3. Here are the code examples that you can use for your own service:

If it is written in C++, refer to the code in [lucida/imagematching/opencv_imm/server/] (lucida/imagematching/opencv_imm/server/). Look at Makefile for how to generate Thrift stubs which are the abstract base classes your handlers need to inherit. Notice that the interface is implemented in IMMHandler.h and IMMHandler.cpp, and the entry point (which uses a multi-threaded server provided by Thrift) is in IMMServer.cpp.

If it is written in Java, refer to the code in [lucida/calendar/src/main/java/calendar/] (lucida/calendar/src/main/java/calendar/) and lucida/calendar/. Look at Makefile for how to generate Thrift stubs which are the interfaces your handlers need to implement.

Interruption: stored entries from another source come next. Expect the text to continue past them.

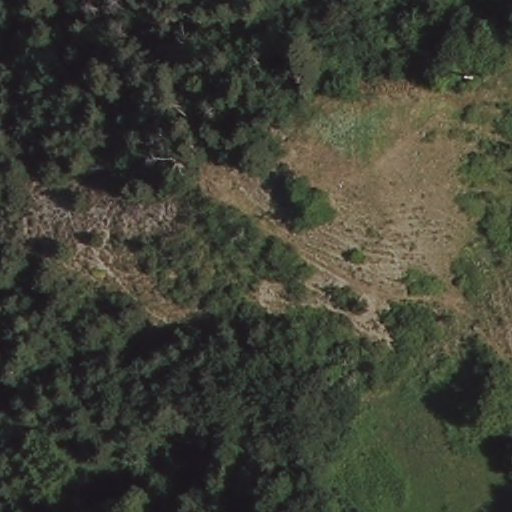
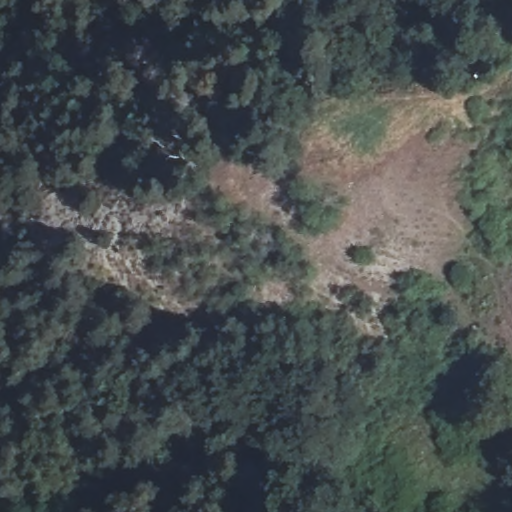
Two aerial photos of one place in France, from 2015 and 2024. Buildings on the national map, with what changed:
[]

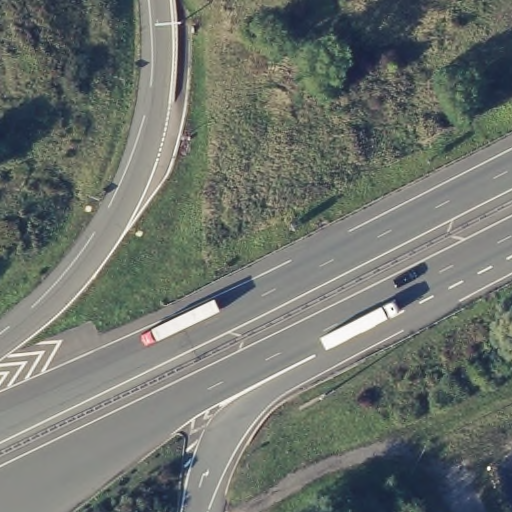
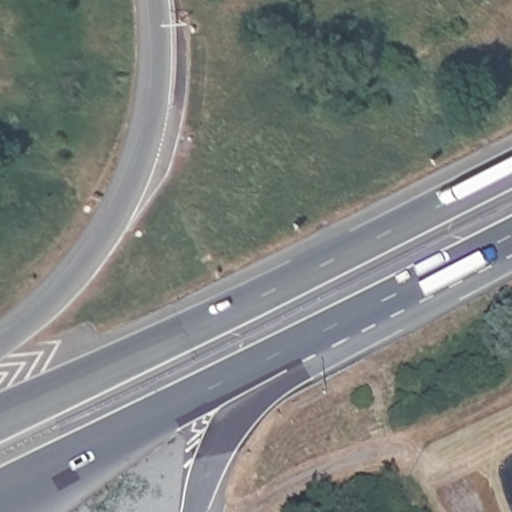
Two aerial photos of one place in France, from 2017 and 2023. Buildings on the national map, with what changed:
[]

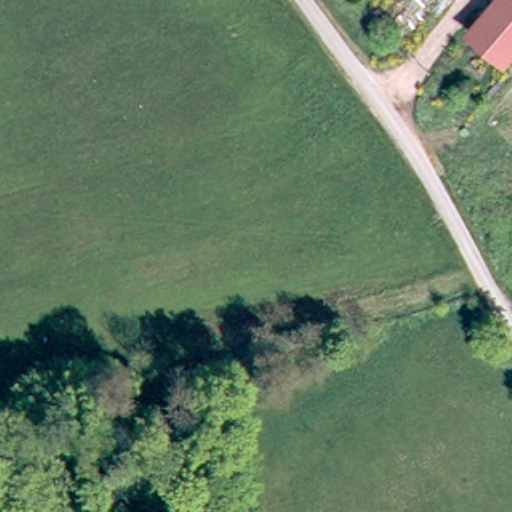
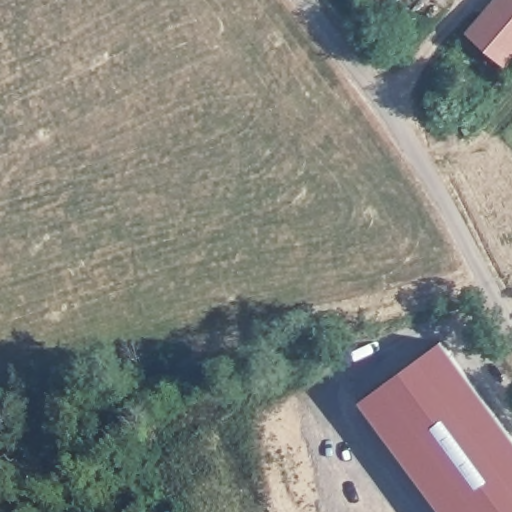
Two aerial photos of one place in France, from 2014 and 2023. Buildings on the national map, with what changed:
unchanged [(469,36),(497,0),(512,0),(512,56),(504,66),(469,36)]
new [(512,439),(512,512),(442,512),(360,401),(440,342),(512,439)]

Notice that the interface is implemented in CAServiceHandler.java, and the entry point (which uses a multi-threaded server provided by Thrift) is in CalendarDaemon.java.

If it is written in other programming languages, please refer to the official tutorial.

4. Here is a list of what you need to do for step 1:

2. Configure the command center.

lucida/commandcenter/controllers/Config.py is the only file you must modify, but you may also need to add sample queries to lucida/commandcenter/data/ as training data for the query classifier.

1. Modify the configuration file lucida/commandcenter/controllers/Config.py.

  SERVICES = { 
    'IMM' : Service('IMM', 8082, 'image', 'image'),  # image matching
    'QA' : Service('QA', 8083, 'text', 'text'), # question answering
    'CA' : Service('CA', 8084, 'text', None), # calendar
    }

  CLASSIFIER_DESCRIPTIONS = { 
    'text' : { 'class_QA' :  Graph([Node('QA')]),
                'class_CA' : Graph([Node('CA')]) },
    'image' : { 'class_IMM' : Graph([Node('IMM')]) },
    'text_image' : { 'class_QA': Graph([Node('QA')]),
                      'class_IMM' : Graph([Node('IMM')]), 
                      'class_IMM_QA' : Graph([Node('IMM', [1]), Node('QA')]) } 
    }

2. Add training data for your own query class.

We already prepare some sample training data in lucida/commandcenter/data/, but if you need to define a custom type of query that your service can handle, you should create the following file in the above directory:

  class_<NAME_OF_YOUR_QUERY_CLASS>.txt

, and have at least 40 pieces of text in it, each being one way to ask about the same question.